The novel begins with Catherine Earnshaw and her brother Hindley, growing up alongside the adopted Heathcliff, a strange and sadistic boy their father mysteriously brought back from Liverpool. Following a wild childhood with Heathcliff, social expectations catch up with Catherine as she chooses to marry Edgar Linton from Thrushcross Grange even though she confesses her still-deep love for Heathcliff. When Catherine dies following the birth of her daughter, history begins to repeat itself with a similar love triangle between the younger Cathy, Heathcliff’s son, Linton, and Hindley’s son, Hareton. The beauty of this repetition is the evident attributes the characters inherit; Catherine, the daughter of the emotionally extreme Cathy and the reserved and romantic Edgar, is written as holding a balance of passion and delicacy perfectly.

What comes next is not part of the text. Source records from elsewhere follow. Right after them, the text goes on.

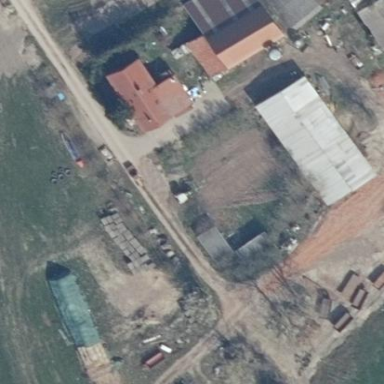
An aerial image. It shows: Farmyard area.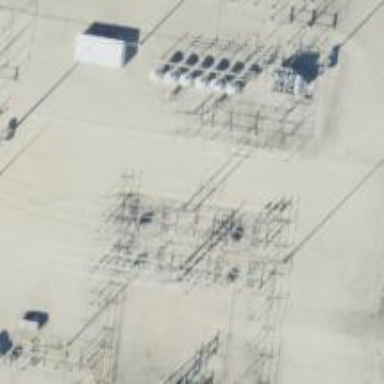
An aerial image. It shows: Switch used for power control.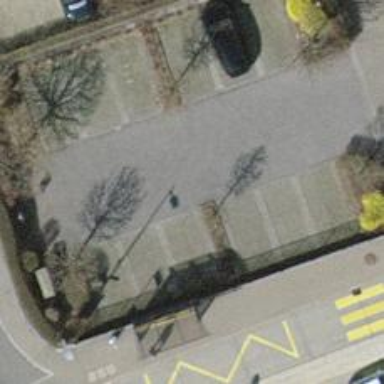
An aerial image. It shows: Parking area with surface.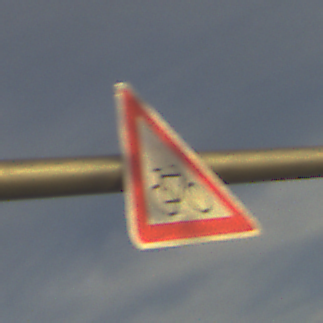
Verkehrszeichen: RadverkehrLinks
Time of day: SunriseSunset
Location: Outdoor (Nature)
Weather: PartlyCloudy
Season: Summer
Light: Natural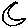
Label: moon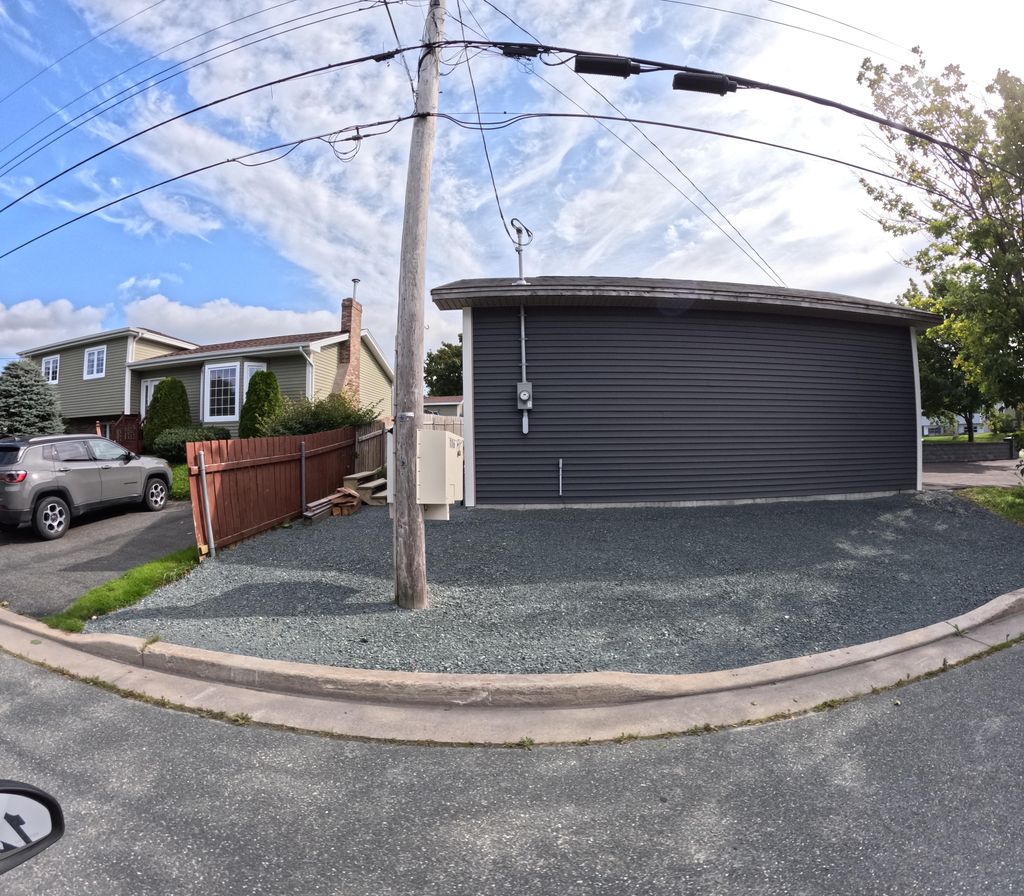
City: st_johns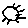
Label: sun

This novel is truly passionate, with Bronte’s description of Catherine’s love for Heathcliff being one of the most emotional extracts in literature. These words, including the famous “Whatever our souls are made of, his and mine are the same,” paired with the setting of the wild Yorkshire moors, create the book’s enticing rawness. The novel is brilliantly well-written, with the Gothic darkness surrounding the tale twisting the emotion into something sinister. Although Wuthering Heights may be a generic choice, its legacy is completely honest. Wuthering Heights is my favourite book.